「鞍山(アンシャン)」~私の知らない父の妻、ナツエさんに捧げる物語~ ⑪

2024年

赤紙の嵐

昭和二十年の年が明けた頃、その頃の在満日本人には徴兵検査で甲種合格のみならず、乙種にまで召集令状が送られてくるようになりました。近いうちに深志さんにも召集令状がきっと来るでしょう。

年齢が三十才で新兵になることは年齢が達しているとはいえ、社宅の丙種の人まで召集令状が来たというのですから、甲種の深志さんにも必ず赤紙が来るでしょう。

深志さんに、製鋼所の人に赤紙が届いているのか聞いても、何も答えてくれませんでした。でも私はそこ覚悟が必要だと思っていました。

結核の発病

その頃から私は、少しずつ咳き込むようになりました。
最初は、ただの風邪だろうということで対して気にも留めなかったのですが、時々微熱が出て、身体がだるくなり始めました。

そのうち起きているのも、辛い状況になっていたのでした。
街は治安も悪く、しょっちゅう空襲警報が発令されるので、そのたびに不衛生な防空壕へ逃げ込まなければなりません。

家で療養していても、体調が改善する事は全くなかったのです。
3月10日、ますます咳はひどくなってきたので、深志さんから「三笠街」にほど近い小高い丘の上にそびえ立つ立派な昭和製鋼所附属病院に行くように勧められ、そこで診断を受けました。

その結果、「結核」と告げられ、そのまま隔離のため、入院することになったのでした。
しかし、もうその頃は、附属病院も米軍からの攻撃に加え、国民党と八路軍の内戦に巻き込まれ、医療体制はどうしようもない状態でした。

しばらく入院したのですが、附属病院も昭和製鋼所と同じように、米軍が爆撃の対象だと言う噂もあったので、結局自宅で療養することになったのでした。
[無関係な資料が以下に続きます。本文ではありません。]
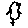
Label: bird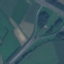
Land use / land cover class: Highway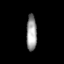
Tissue: prostate
Cell type: T cells
Senescence score: 0.3369
Nuclear area (px): 365
Mean DAPI intensity: 154.329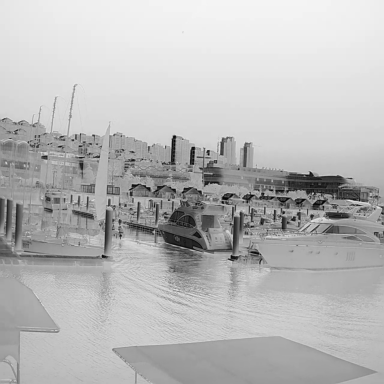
There are six objects shown in the infrared image, including three canoes, and three sailboats.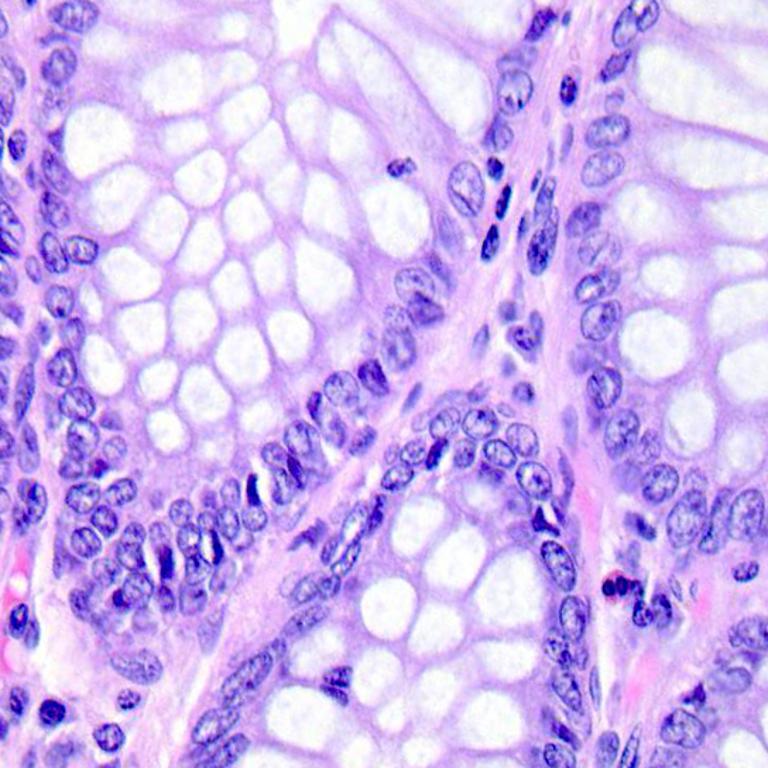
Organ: colon
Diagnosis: benign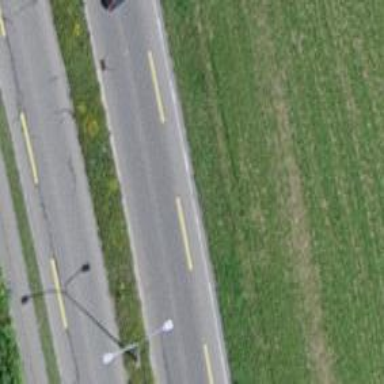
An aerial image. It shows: Primary highway with designated left lane for buses.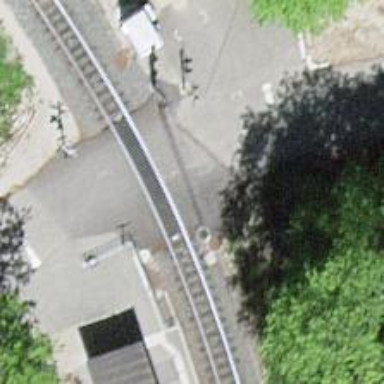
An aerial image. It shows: Level crossing along the railway.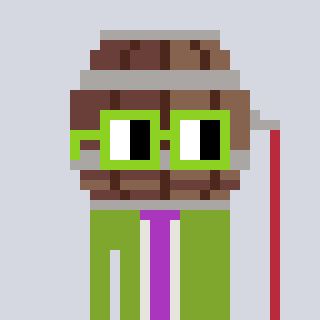
a pixel art character with square light green glasses, a wine barrel-shaped head and a slimegreen-colored body on a cool background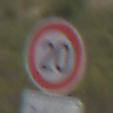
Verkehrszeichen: Geschwindigkeit20
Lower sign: HinweiseAufGefahrenDurchVerbaleAngabe11
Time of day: Midday
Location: Outdoor (Nature)
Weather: Overcast
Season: NotSpecified
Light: Natural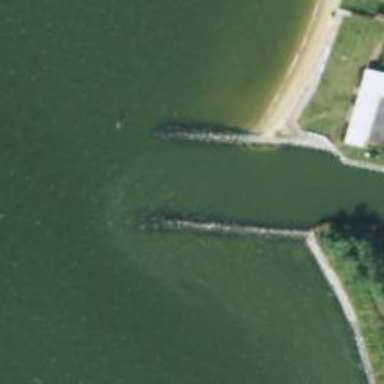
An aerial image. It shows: Breakwater structure.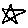
Label: star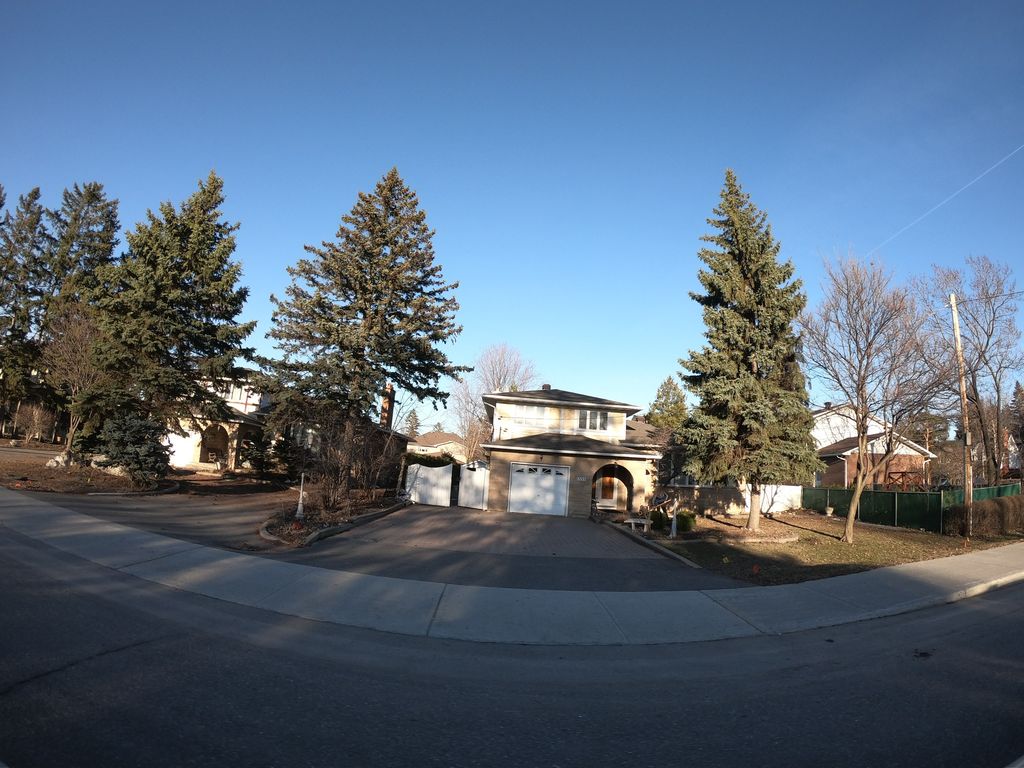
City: ottawa-gatineau
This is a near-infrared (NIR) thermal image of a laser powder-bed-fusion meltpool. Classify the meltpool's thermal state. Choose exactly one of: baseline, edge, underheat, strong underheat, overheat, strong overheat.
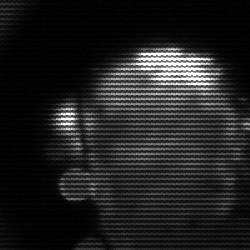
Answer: baseline
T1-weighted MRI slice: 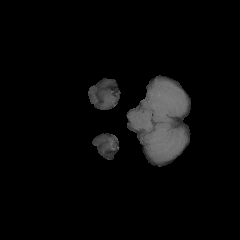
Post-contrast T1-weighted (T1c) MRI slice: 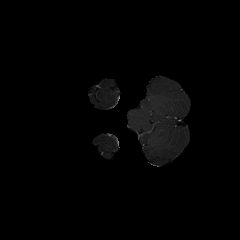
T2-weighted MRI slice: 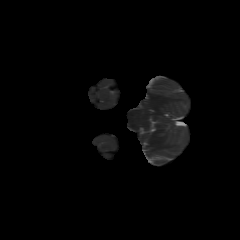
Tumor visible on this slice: no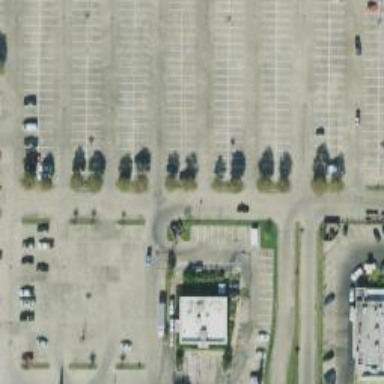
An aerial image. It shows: Parking space is available.
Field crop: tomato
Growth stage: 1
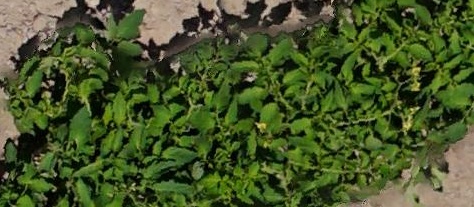
Species: tomato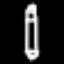
Label: pencil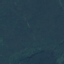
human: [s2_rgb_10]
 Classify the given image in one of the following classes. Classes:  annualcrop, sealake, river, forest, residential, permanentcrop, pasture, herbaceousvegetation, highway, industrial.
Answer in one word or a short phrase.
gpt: Forest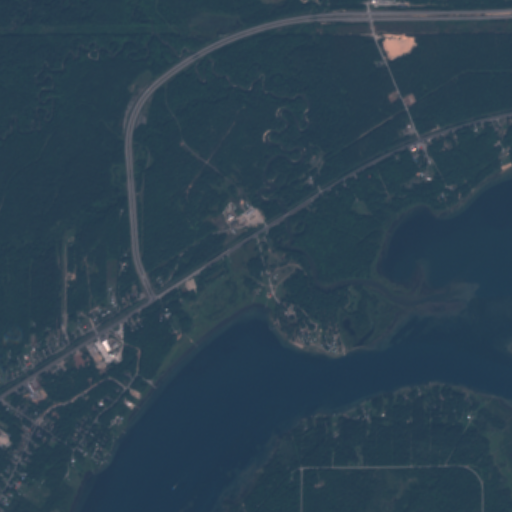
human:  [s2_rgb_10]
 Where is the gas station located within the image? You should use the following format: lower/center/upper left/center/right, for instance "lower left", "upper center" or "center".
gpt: The gas station is located in the upper right of the image.
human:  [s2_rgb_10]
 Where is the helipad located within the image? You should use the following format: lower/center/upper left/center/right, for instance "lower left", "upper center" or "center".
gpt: The helipad is located in the lower left of the image.
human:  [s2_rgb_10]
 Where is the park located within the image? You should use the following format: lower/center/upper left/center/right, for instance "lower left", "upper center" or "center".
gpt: The park is located in the upper right of the image.
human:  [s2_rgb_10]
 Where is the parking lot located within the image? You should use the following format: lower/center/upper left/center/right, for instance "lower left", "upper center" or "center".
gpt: The parking lot is located in the upper right of the image.
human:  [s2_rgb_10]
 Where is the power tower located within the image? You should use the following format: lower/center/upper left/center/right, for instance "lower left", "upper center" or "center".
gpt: The power tower is located in the upper of the image.
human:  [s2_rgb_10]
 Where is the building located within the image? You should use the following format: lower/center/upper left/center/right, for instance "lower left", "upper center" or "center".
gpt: The building is located in the lower right of the image.
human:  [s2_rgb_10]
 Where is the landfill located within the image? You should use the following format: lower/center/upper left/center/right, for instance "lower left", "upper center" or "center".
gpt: There is no landfill in the image.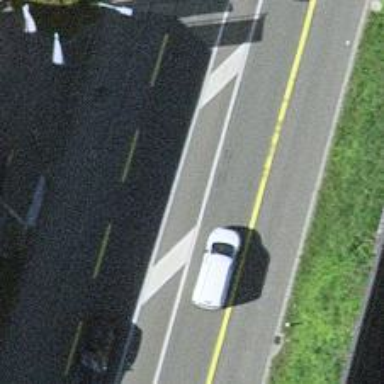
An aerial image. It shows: Asphalt road with primary classification. There is sidewalk on the left side and lane for cyclists on both sides.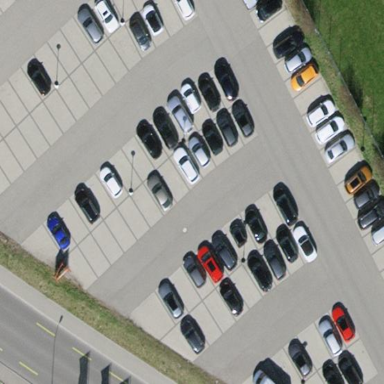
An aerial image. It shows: Parking area with sett surface.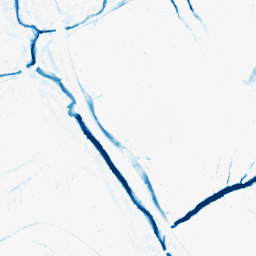
Category: morphological
Decomposition family: morphological
Decomposition parameters: operation: closing
size: 5
Upsampling method: regularized
Upsampling parameters: scale: 2
lambda_reg: 0.001
Upsampling scale: 2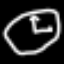
Label: clock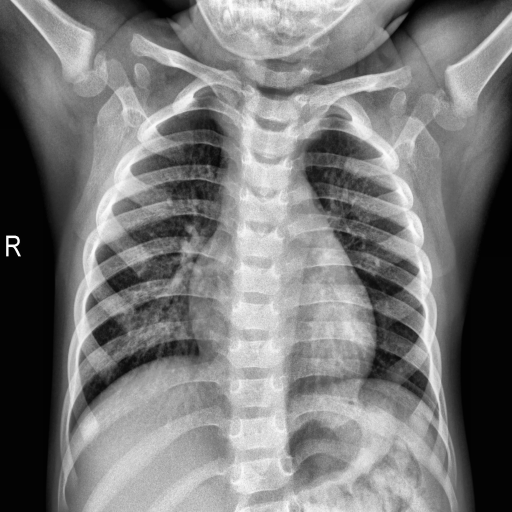
Finding: NORMAL

結核は不治の病です。 
近所の人々も感染を恐れて家の前を避けるように、通り過ぎていくようになりました。

でも、田所志づさんだけはありがたいことに面倒を見てくれました。
時々、私の様子を伺いに来て、「ここに置いとくね。」と言って、煮物を玄関口に置いてくれたりしていました。

私が床に伏せっていた時に、コウウンとメイファが訪ねてきたのでした。
私は玄関先まで這うようにして行って「病気がうつるから来たらダメだよ。」と、やっと言葉にしたのでした。二人は心配そうな顔をして帰っていきました。

家でも結核がうつってはいけないので、食器も部屋も深志さんとは別々にして生活し、私が起きられないくらい体調が悪く寝込んでしまう日には、家事は深志さんがするようになっていました。